Os royalties do pré-sal
Por Ronaldo Martins
PRÉ-SAL
Nassif,
Sugiro que o blog faça uma discussão permanente sobre o projeto do pré-sal.
A grande imprensa já definiu seu lado. No caso das Organizações Globo há uma defesa visceral dos interesses do Rio de Janeiro.
Os argumentos utilizados por eles me parecem frágeis. Mas, como sou leigo no assunto, gostaria da opinião dos nossos especialistas do blog.
Ontem, a Miriam Leitão fez um comentário na CBN, que tinha como base a afirmativa de que, se fosse um país, o Rio de Janeiro teria uma produção diária de petróleo que o colocaria em uma posição de destaque no cenário mundial. Portanto, merece receber mais royaltes.
Será?
Pergunto: se o RJ fosse uma país deveria ter feito todo o investimento para detectar e produzir o petróleo que existe nas águas oceânicas. Foi o Rio que fez este investimento ou a União?
Quem investiu em tecnologia para a descoberta do pré-sal? Os “estados produtores” ou a União?
Quem é o verdadeiro produtor de petróleo no Brasil?

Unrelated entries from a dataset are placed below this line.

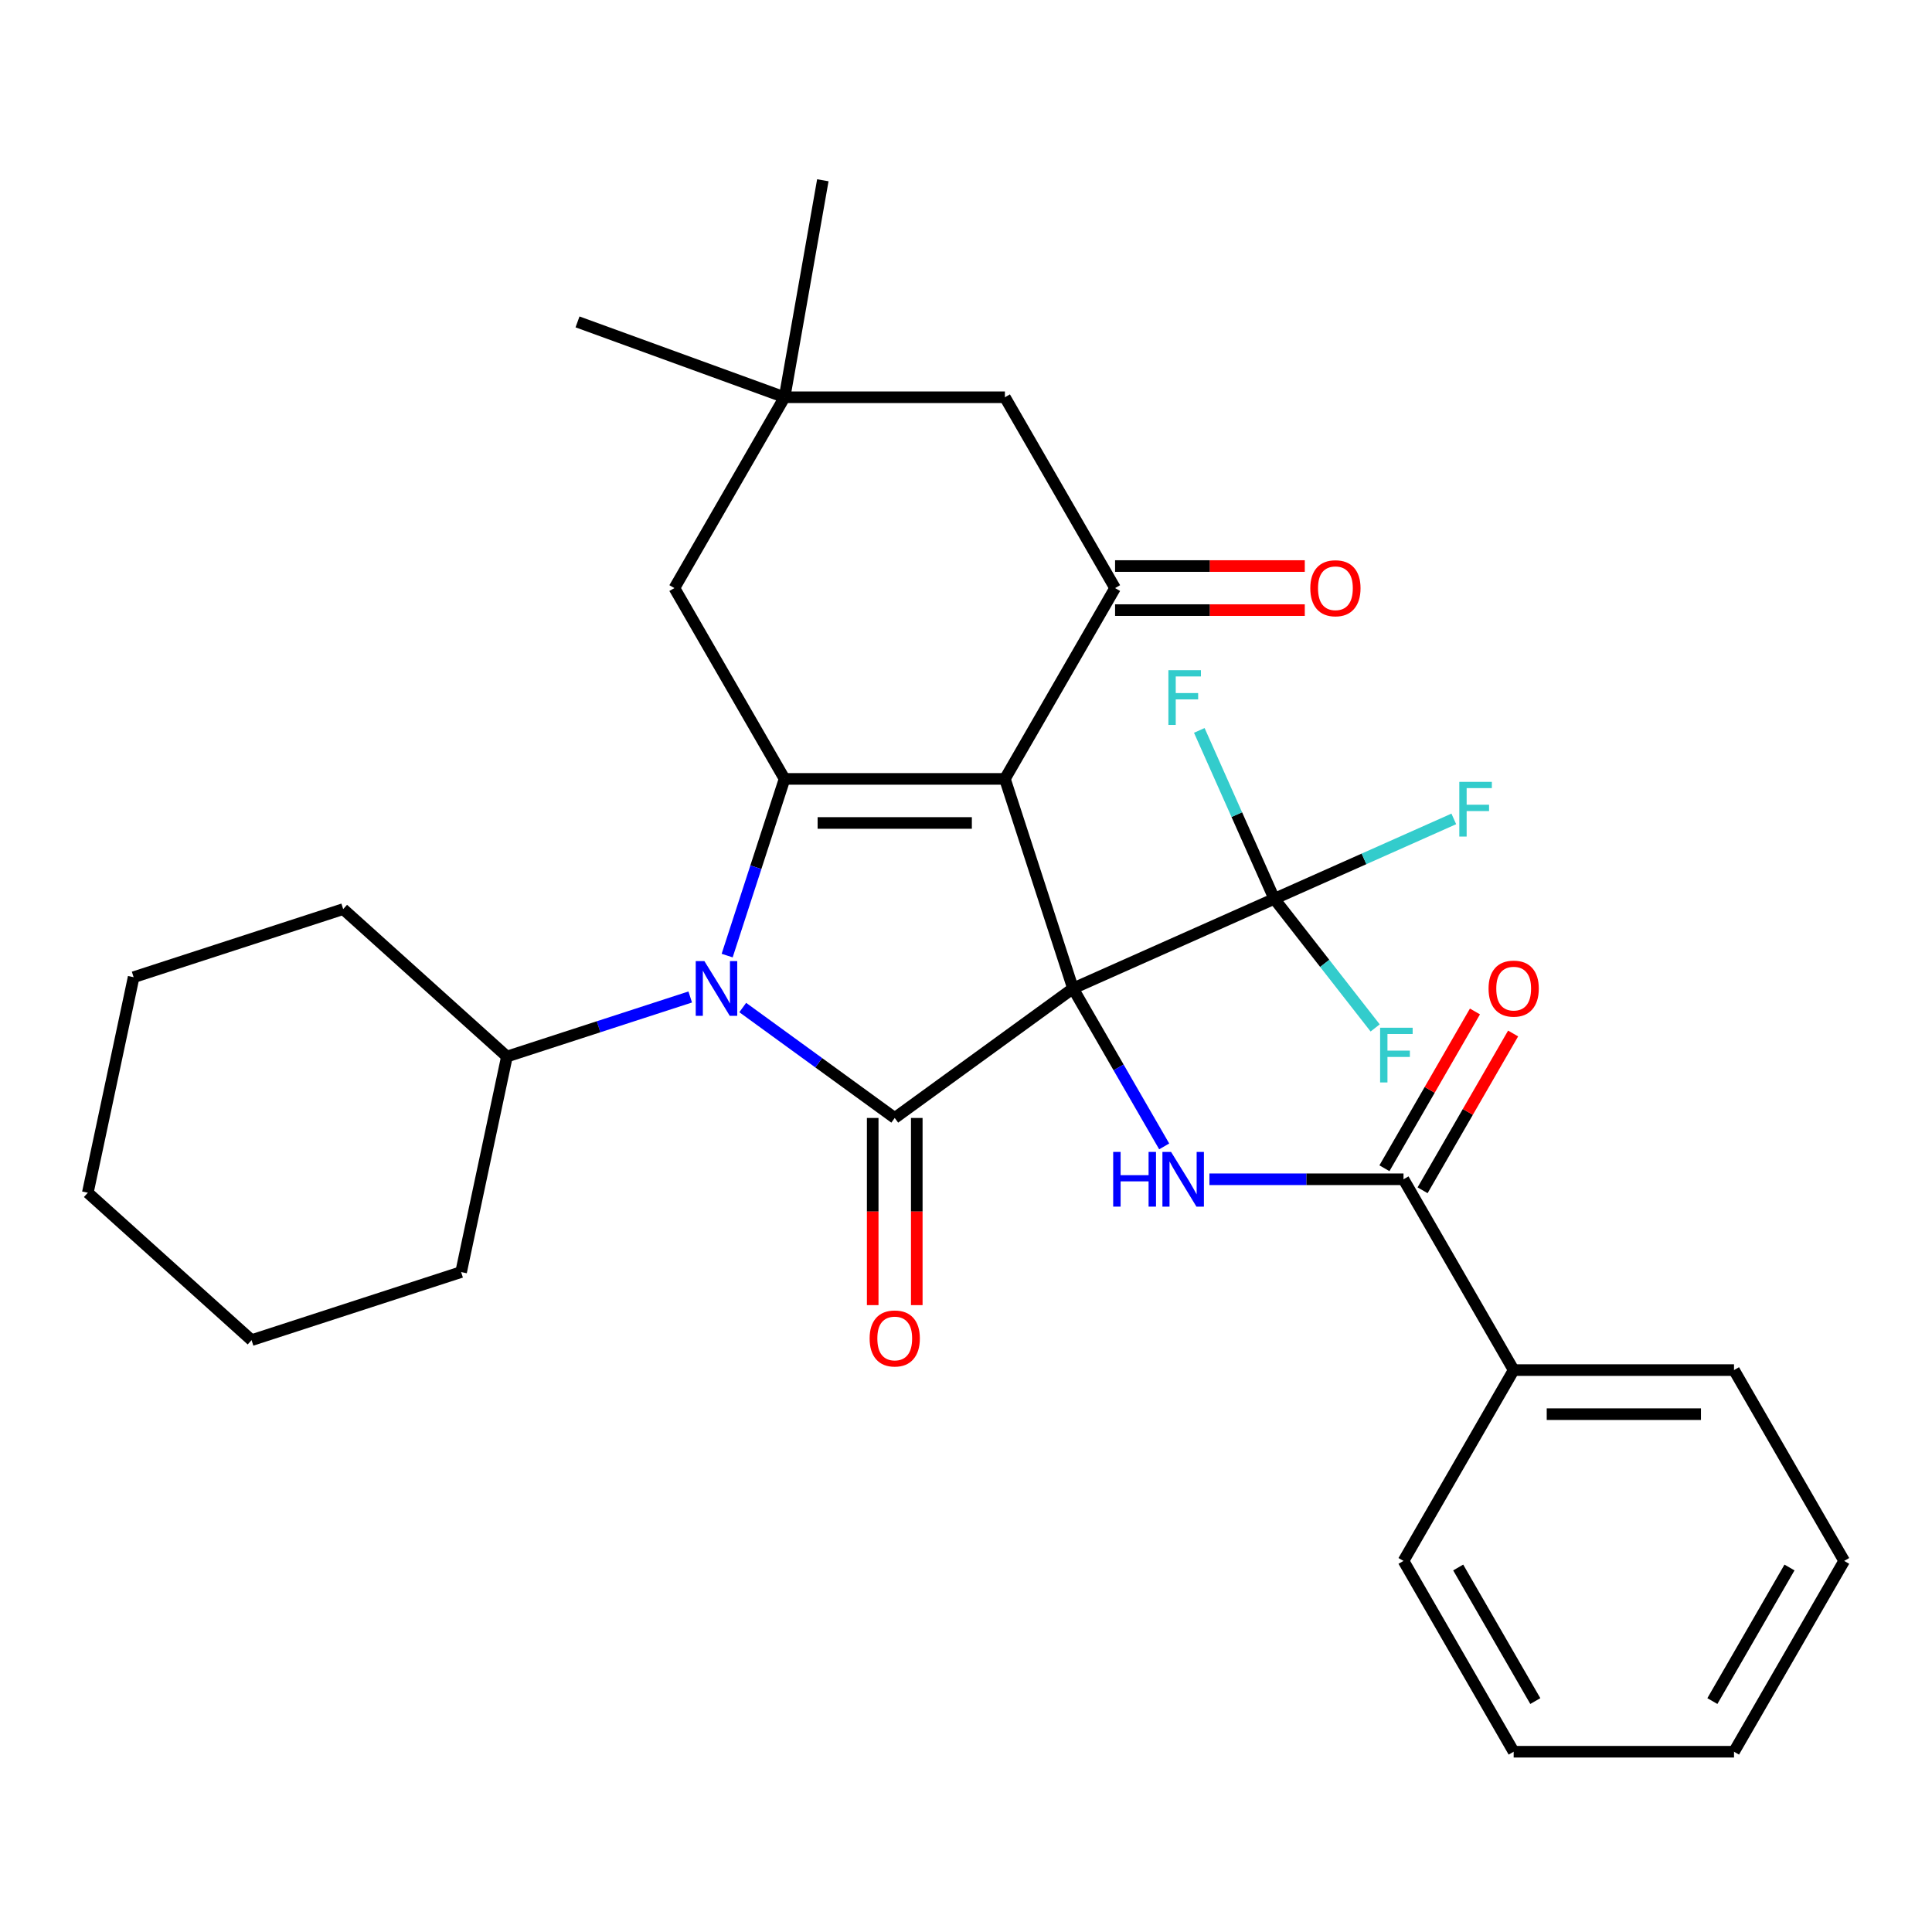 <?xml version='1.0' encoding='iso-8859-1'?>
<svg version='1.1' baseProfile='full'
              xmlns='http://www.w3.org/2000/svg'
                      xmlns:rdkit='http://www.rdkit.org/xml'
                      xmlns:xlink='http://www.w3.org/1999/xlink'
                  xml:space='preserve'
width='1000px' height='1000px' viewBox='0 0 1000 1000'>
<!-- END OF HEADER -->
<rect style='opacity:1.0;fill:#FFFFFF;stroke:none' width='1000' height='1000' x='0' y='0'> </rect>
<path class='bond-0' d='M 555.381,511.622 L 520.139,403.157' style='fill:none;fill-rule:evenodd;stroke:#000000;stroke-width:6px;stroke-linecap:butt;stroke-linejoin:miter;stroke-opacity:1' />
<path class='bond-1' d='M 555.381,511.622 L 463.116,578.657' style='fill:none;fill-rule:evenodd;stroke:#000000;stroke-width:6px;stroke-linecap:butt;stroke-linejoin:miter;stroke-opacity:1' />
<path class='bond-5' d='M 555.381,511.622 L 578.982,552.5' style='fill:none;fill-rule:evenodd;stroke:#000000;stroke-width:6px;stroke-linecap:butt;stroke-linejoin:miter;stroke-opacity:1' />
<path class='bond-5' d='M 578.982,552.5 L 602.583,593.378' style='fill:none;fill-rule:evenodd;stroke:#0000FF;stroke-width:6px;stroke-linecap:butt;stroke-linejoin:miter;stroke-opacity:1' />
<path class='bond-6' d='M 555.381,511.622 L 659.568,465.235' style='fill:none;fill-rule:evenodd;stroke:#000000;stroke-width:6px;stroke-linecap:butt;stroke-linejoin:miter;stroke-opacity:1' />
<path class='bond-2' d='M 520.139,403.157 L 406.092,403.157' style='fill:none;fill-rule:evenodd;stroke:#000000;stroke-width:6px;stroke-linecap:butt;stroke-linejoin:miter;stroke-opacity:1' />
<path class='bond-2' d='M 503.032,425.966 L 423.199,425.966' style='fill:none;fill-rule:evenodd;stroke:#000000;stroke-width:6px;stroke-linecap:butt;stroke-linejoin:miter;stroke-opacity:1' />
<path class='bond-4' d='M 520.139,403.157 L 577.162,304.39' style='fill:none;fill-rule:evenodd;stroke:#000000;stroke-width:6px;stroke-linecap:butt;stroke-linejoin:miter;stroke-opacity:1' />
<path class='bond-3' d='M 463.116,578.657 L 423.778,550.077' style='fill:none;fill-rule:evenodd;stroke:#000000;stroke-width:6px;stroke-linecap:butt;stroke-linejoin:miter;stroke-opacity:1' />
<path class='bond-3' d='M 423.778,550.077 L 384.441,521.497' style='fill:none;fill-rule:evenodd;stroke:#0000FF;stroke-width:6px;stroke-linecap:butt;stroke-linejoin:miter;stroke-opacity:1' />
<path class='bond-11' d='M 451.711,578.657 L 451.711,627.095' style='fill:none;fill-rule:evenodd;stroke:#000000;stroke-width:6px;stroke-linecap:butt;stroke-linejoin:miter;stroke-opacity:1' />
<path class='bond-11' d='M 451.711,627.095 L 451.711,675.533' style='fill:none;fill-rule:evenodd;stroke:#FF0000;stroke-width:6px;stroke-linecap:butt;stroke-linejoin:miter;stroke-opacity:1' />
<path class='bond-11' d='M 474.52,578.657 L 474.52,627.095' style='fill:none;fill-rule:evenodd;stroke:#000000;stroke-width:6px;stroke-linecap:butt;stroke-linejoin:miter;stroke-opacity:1' />
<path class='bond-11' d='M 474.52,627.095 L 474.52,675.533' style='fill:none;fill-rule:evenodd;stroke:#FF0000;stroke-width:6px;stroke-linecap:butt;stroke-linejoin:miter;stroke-opacity:1' />
<path class='bond-8' d='M 406.092,403.157 L 349.069,304.39' style='fill:none;fill-rule:evenodd;stroke:#000000;stroke-width:6px;stroke-linecap:butt;stroke-linejoin:miter;stroke-opacity:1' />
<path class='bond-31' d='M 406.092,403.157 L 391.234,448.884' style='fill:none;fill-rule:evenodd;stroke:#000000;stroke-width:6px;stroke-linecap:butt;stroke-linejoin:miter;stroke-opacity:1' />
<path class='bond-31' d='M 391.234,448.884 L 376.377,494.611' style='fill:none;fill-rule:evenodd;stroke:#0000FF;stroke-width:6px;stroke-linecap:butt;stroke-linejoin:miter;stroke-opacity:1' />
<path class='bond-12' d='M 357.258,516.038 L 309.822,531.451' style='fill:none;fill-rule:evenodd;stroke:#0000FF;stroke-width:6px;stroke-linecap:butt;stroke-linejoin:miter;stroke-opacity:1' />
<path class='bond-12' d='M 309.822,531.451 L 262.385,546.865' style='fill:none;fill-rule:evenodd;stroke:#000000;stroke-width:6px;stroke-linecap:butt;stroke-linejoin:miter;stroke-opacity:1' />
<path class='bond-10' d='M 577.162,304.39 L 520.139,205.622' style='fill:none;fill-rule:evenodd;stroke:#000000;stroke-width:6px;stroke-linecap:butt;stroke-linejoin:miter;stroke-opacity:1' />
<path class='bond-13' d='M 577.162,315.794 L 626.26,315.794' style='fill:none;fill-rule:evenodd;stroke:#000000;stroke-width:6px;stroke-linecap:butt;stroke-linejoin:miter;stroke-opacity:1' />
<path class='bond-13' d='M 626.26,315.794 L 675.358,315.794' style='fill:none;fill-rule:evenodd;stroke:#FF0000;stroke-width:6px;stroke-linecap:butt;stroke-linejoin:miter;stroke-opacity:1' />
<path class='bond-13' d='M 577.162,292.985 L 626.26,292.985' style='fill:none;fill-rule:evenodd;stroke:#000000;stroke-width:6px;stroke-linecap:butt;stroke-linejoin:miter;stroke-opacity:1' />
<path class='bond-13' d='M 626.26,292.985 L 675.358,292.985' style='fill:none;fill-rule:evenodd;stroke:#FF0000;stroke-width:6px;stroke-linecap:butt;stroke-linejoin:miter;stroke-opacity:1' />
<path class='bond-7' d='M 625.996,610.39 L 676.224,610.39' style='fill:none;fill-rule:evenodd;stroke:#0000FF;stroke-width:6px;stroke-linecap:butt;stroke-linejoin:miter;stroke-opacity:1' />
<path class='bond-7' d='M 676.224,610.39 L 726.452,610.39' style='fill:none;fill-rule:evenodd;stroke:#000000;stroke-width:6px;stroke-linecap:butt;stroke-linejoin:miter;stroke-opacity:1' />
<path class='bond-16' d='M 659.568,465.235 L 706.026,444.551' style='fill:none;fill-rule:evenodd;stroke:#000000;stroke-width:6px;stroke-linecap:butt;stroke-linejoin:miter;stroke-opacity:1' />
<path class='bond-16' d='M 706.026,444.551 L 752.484,423.866' style='fill:none;fill-rule:evenodd;stroke:#33CCCC;stroke-width:6px;stroke-linecap:butt;stroke-linejoin:miter;stroke-opacity:1' />
<path class='bond-17' d='M 659.568,465.235 L 685.674,498.645' style='fill:none;fill-rule:evenodd;stroke:#000000;stroke-width:6px;stroke-linecap:butt;stroke-linejoin:miter;stroke-opacity:1' />
<path class='bond-17' d='M 685.674,498.645 L 711.78,532.055' style='fill:none;fill-rule:evenodd;stroke:#33CCCC;stroke-width:6px;stroke-linecap:butt;stroke-linejoin:miter;stroke-opacity:1' />
<path class='bond-18' d='M 659.568,465.235 L 640.162,421.647' style='fill:none;fill-rule:evenodd;stroke:#000000;stroke-width:6px;stroke-linecap:butt;stroke-linejoin:miter;stroke-opacity:1' />
<path class='bond-18' d='M 640.162,421.647 L 620.755,378.059' style='fill:none;fill-rule:evenodd;stroke:#33CCCC;stroke-width:6px;stroke-linecap:butt;stroke-linejoin:miter;stroke-opacity:1' />
<path class='bond-14' d='M 736.328,616.092 L 759.756,575.514' style='fill:none;fill-rule:evenodd;stroke:#000000;stroke-width:6px;stroke-linecap:butt;stroke-linejoin:miter;stroke-opacity:1' />
<path class='bond-14' d='M 759.756,575.514 L 783.184,534.936' style='fill:none;fill-rule:evenodd;stroke:#FF0000;stroke-width:6px;stroke-linecap:butt;stroke-linejoin:miter;stroke-opacity:1' />
<path class='bond-14' d='M 716.575,604.687 L 740.003,564.109' style='fill:none;fill-rule:evenodd;stroke:#000000;stroke-width:6px;stroke-linecap:butt;stroke-linejoin:miter;stroke-opacity:1' />
<path class='bond-14' d='M 740.003,564.109 L 763.431,523.531' style='fill:none;fill-rule:evenodd;stroke:#FF0000;stroke-width:6px;stroke-linecap:butt;stroke-linejoin:miter;stroke-opacity:1' />
<path class='bond-15' d='M 726.452,610.39 L 783.475,709.157' style='fill:none;fill-rule:evenodd;stroke:#000000;stroke-width:6px;stroke-linecap:butt;stroke-linejoin:miter;stroke-opacity:1' />
<path class='bond-32' d='M 349.069,304.39 L 406.092,205.622' style='fill:none;fill-rule:evenodd;stroke:#000000;stroke-width:6px;stroke-linecap:butt;stroke-linejoin:miter;stroke-opacity:1' />
<path class='bond-9' d='M 406.092,205.622 L 520.139,205.622' style='fill:none;fill-rule:evenodd;stroke:#000000;stroke-width:6px;stroke-linecap:butt;stroke-linejoin:miter;stroke-opacity:1' />
<path class='bond-19' d='M 406.092,205.622 L 298.923,166.616' style='fill:none;fill-rule:evenodd;stroke:#000000;stroke-width:6px;stroke-linecap:butt;stroke-linejoin:miter;stroke-opacity:1' />
<path class='bond-20' d='M 406.092,205.622 L 425.896,93.308' style='fill:none;fill-rule:evenodd;stroke:#000000;stroke-width:6px;stroke-linecap:butt;stroke-linejoin:miter;stroke-opacity:1' />
<path class='bond-23' d='M 262.385,546.865 L 177.631,470.552' style='fill:none;fill-rule:evenodd;stroke:#000000;stroke-width:6px;stroke-linecap:butt;stroke-linejoin:miter;stroke-opacity:1' />
<path class='bond-24' d='M 262.385,546.865 L 238.673,658.419' style='fill:none;fill-rule:evenodd;stroke:#000000;stroke-width:6px;stroke-linecap:butt;stroke-linejoin:miter;stroke-opacity:1' />
<path class='bond-21' d='M 783.475,709.157 L 897.522,709.157' style='fill:none;fill-rule:evenodd;stroke:#000000;stroke-width:6px;stroke-linecap:butt;stroke-linejoin:miter;stroke-opacity:1' />
<path class='bond-21' d='M 800.582,731.967 L 880.415,731.967' style='fill:none;fill-rule:evenodd;stroke:#000000;stroke-width:6px;stroke-linecap:butt;stroke-linejoin:miter;stroke-opacity:1' />
<path class='bond-22' d='M 783.475,709.157 L 726.452,807.925' style='fill:none;fill-rule:evenodd;stroke:#000000;stroke-width:6px;stroke-linecap:butt;stroke-linejoin:miter;stroke-opacity:1' />
<path class='bond-26' d='M 897.522,709.157 L 954.545,807.925' style='fill:none;fill-rule:evenodd;stroke:#000000;stroke-width:6px;stroke-linecap:butt;stroke-linejoin:miter;stroke-opacity:1' />
<path class='bond-25' d='M 726.452,807.925 L 783.475,906.692' style='fill:none;fill-rule:evenodd;stroke:#000000;stroke-width:6px;stroke-linecap:butt;stroke-linejoin:miter;stroke-opacity:1' />
<path class='bond-25' d='M 754.759,811.335 L 794.675,880.472' style='fill:none;fill-rule:evenodd;stroke:#000000;stroke-width:6px;stroke-linecap:butt;stroke-linejoin:miter;stroke-opacity:1' />
<path class='bond-27' d='M 177.631,470.552 L 69.166,505.795' style='fill:none;fill-rule:evenodd;stroke:#000000;stroke-width:6px;stroke-linecap:butt;stroke-linejoin:miter;stroke-opacity:1' />
<path class='bond-28' d='M 238.673,658.419 L 130.208,693.662' style='fill:none;fill-rule:evenodd;stroke:#000000;stroke-width:6px;stroke-linecap:butt;stroke-linejoin:miter;stroke-opacity:1' />
<path class='bond-29' d='M 783.475,906.692 L 897.522,906.692' style='fill:none;fill-rule:evenodd;stroke:#000000;stroke-width:6px;stroke-linecap:butt;stroke-linejoin:miter;stroke-opacity:1' />
<path class='bond-33' d='M 954.545,807.925 L 897.522,906.692' style='fill:none;fill-rule:evenodd;stroke:#000000;stroke-width:6px;stroke-linecap:butt;stroke-linejoin:miter;stroke-opacity:1' />
<path class='bond-33' d='M 926.238,811.335 L 886.322,880.472' style='fill:none;fill-rule:evenodd;stroke:#000000;stroke-width:6px;stroke-linecap:butt;stroke-linejoin:miter;stroke-opacity:1' />
<path class='bond-34' d='M 69.166,505.795 L 45.455,617.349' style='fill:none;fill-rule:evenodd;stroke:#000000;stroke-width:6px;stroke-linecap:butt;stroke-linejoin:miter;stroke-opacity:1' />
<path class='bond-30' d='M 130.208,693.662 L 45.455,617.349' style='fill:none;fill-rule:evenodd;stroke:#000000;stroke-width:6px;stroke-linecap:butt;stroke-linejoin:miter;stroke-opacity:1' />
<path  class='atom-4' d='M 364.59 497.462
L 373.87 512.462
Q 374.79 513.942, 376.27 516.622
Q 377.75 519.302, 377.83 519.462
L 377.83 497.462
L 381.59 497.462
L 381.59 525.782
L 377.71 525.782
L 367.75 509.382
Q 366.59 507.462, 365.35 505.262
Q 364.15 503.062, 363.79 502.382
L 363.79 525.782
L 360.11 525.782
L 360.11 497.462
L 364.59 497.462
' fill='#0000FF'/>
<path  class='atom-6' d='M 576.185 596.23
L 580.025 596.23
L 580.025 608.27
L 594.505 608.27
L 594.505 596.23
L 598.345 596.23
L 598.345 624.55
L 594.505 624.55
L 594.505 611.47
L 580.025 611.47
L 580.025 624.55
L 576.185 624.55
L 576.185 596.23
' fill='#0000FF'/>
<path  class='atom-6' d='M 606.145 596.23
L 615.425 611.23
Q 616.345 612.71, 617.825 615.39
Q 619.305 618.07, 619.385 618.23
L 619.385 596.23
L 623.145 596.23
L 623.145 624.55
L 619.265 624.55
L 609.305 608.15
Q 608.145 606.23, 606.905 604.03
Q 605.705 601.83, 605.345 601.15
L 605.345 624.55
L 601.665 624.55
L 601.665 596.23
L 606.145 596.23
' fill='#0000FF'/>
<path  class='atom-12' d='M 450.116 692.784
Q 450.116 685.984, 453.476 682.184
Q 456.836 678.384, 463.116 678.384
Q 469.396 678.384, 472.756 682.184
Q 476.116 685.984, 476.116 692.784
Q 476.116 699.664, 472.716 703.584
Q 469.316 707.464, 463.116 707.464
Q 456.876 707.464, 453.476 703.584
Q 450.116 699.704, 450.116 692.784
M 463.116 704.264
Q 467.436 704.264, 469.756 701.384
Q 472.116 698.464, 472.116 692.784
Q 472.116 687.224, 469.756 684.424
Q 467.436 681.584, 463.116 681.584
Q 458.796 681.584, 456.436 684.384
Q 454.116 687.184, 454.116 692.784
Q 454.116 698.504, 456.436 701.384
Q 458.796 704.264, 463.116 704.264
' fill='#FF0000'/>
<path  class='atom-14' d='M 678.209 304.47
Q 678.209 297.67, 681.569 293.87
Q 684.929 290.07, 691.209 290.07
Q 697.489 290.07, 700.849 293.87
Q 704.209 297.67, 704.209 304.47
Q 704.209 311.35, 700.809 315.27
Q 697.409 319.15, 691.209 319.15
Q 684.969 319.15, 681.569 315.27
Q 678.209 311.39, 678.209 304.47
M 691.209 315.95
Q 695.529 315.95, 697.849 313.07
Q 700.209 310.15, 700.209 304.47
Q 700.209 298.91, 697.849 296.11
Q 695.529 293.27, 691.209 293.27
Q 686.889 293.27, 684.529 296.07
Q 682.209 298.87, 682.209 304.47
Q 682.209 310.19, 684.529 313.07
Q 686.889 315.95, 691.209 315.95
' fill='#FF0000'/>
<path  class='atom-15' d='M 770.475 511.702
Q 770.475 504.902, 773.835 501.102
Q 777.195 497.302, 783.475 497.302
Q 789.755 497.302, 793.115 501.102
Q 796.475 504.902, 796.475 511.702
Q 796.475 518.582, 793.075 522.502
Q 789.675 526.382, 783.475 526.382
Q 777.235 526.382, 773.835 522.502
Q 770.475 518.622, 770.475 511.702
M 783.475 523.182
Q 787.795 523.182, 790.115 520.302
Q 792.475 517.382, 792.475 511.702
Q 792.475 506.142, 790.115 503.342
Q 787.795 500.502, 783.475 500.502
Q 779.155 500.502, 776.795 503.302
Q 774.475 506.102, 774.475 511.702
Q 774.475 517.422, 776.795 520.302
Q 779.155 523.182, 783.475 523.182
' fill='#FF0000'/>
<path  class='atom-17' d='M 755.335 404.688
L 772.175 404.688
L 772.175 407.928
L 759.135 407.928
L 759.135 416.528
L 770.735 416.528
L 770.735 419.808
L 759.135 419.808
L 759.135 433.008
L 755.335 433.008
L 755.335 404.688
' fill='#33CCCC'/>
<path  class='atom-18' d='M 714.346 531.955
L 731.186 531.955
L 731.186 535.195
L 718.146 535.195
L 718.146 543.795
L 729.746 543.795
L 729.746 547.075
L 718.146 547.075
L 718.146 560.275
L 714.346 560.275
L 714.346 531.955
' fill='#33CCCC'/>
<path  class='atom-19' d='M 604.761 346.888
L 621.601 346.888
L 621.601 350.128
L 608.561 350.128
L 608.561 358.728
L 620.161 358.728
L 620.161 362.008
L 608.561 362.008
L 608.561 375.208
L 604.761 375.208
L 604.761 346.888
' fill='#33CCCC'/>
</svg>

Me ajuda aí, gente, que eu fico confuso.
Autor: luisnassif - Categoria(s): Novo Modelo Tags: pré-sal, Rio de Janeiro, roylaties

Creio que a discussão deve ser outra, RJ, SP devem respeitar a necessidade de crescimento dos demais estados da federação. Enquanto quiserem levar vantagem continuarão a prejudicar a nação.
É por esta razão que qualquer candidato de SP ou do RJ a presidencia da republica e mal visto pelos demais estados.
É necessário repensar o Brasil politica e administrativamente. É muita riqueza para dividir pra todos. Ninguem precisa levar vantagem. Se soubermos dividir, as migrações tb vão se reduzir e provavelmente vamos começar a verificar o retorno de familias nordestinas, mineiras, goianas, nortinas para as suas origens, porque terão mais oportunidades, mais justiça na distriguição de renda.
O Governo Lula começa a executar este projeto. Quem se dispõe a continuar?
Eu gostaria de saber qual a vantagem que São Paulo leva em relação aos demais Estados? São Paulo e outros Estados pagam muito mais em impostos a União do que recebem. A União é um fardo para os Estados mais ricos.
opa, calma lá. Que história é essa da União ser um fardo para os Estados mais ricos???
São Paulo é o maior consumidor de gasolina do país, e recebe ICMS por isso, cobrado no destino , e não na origem , como é o caso de todos os outros produtos.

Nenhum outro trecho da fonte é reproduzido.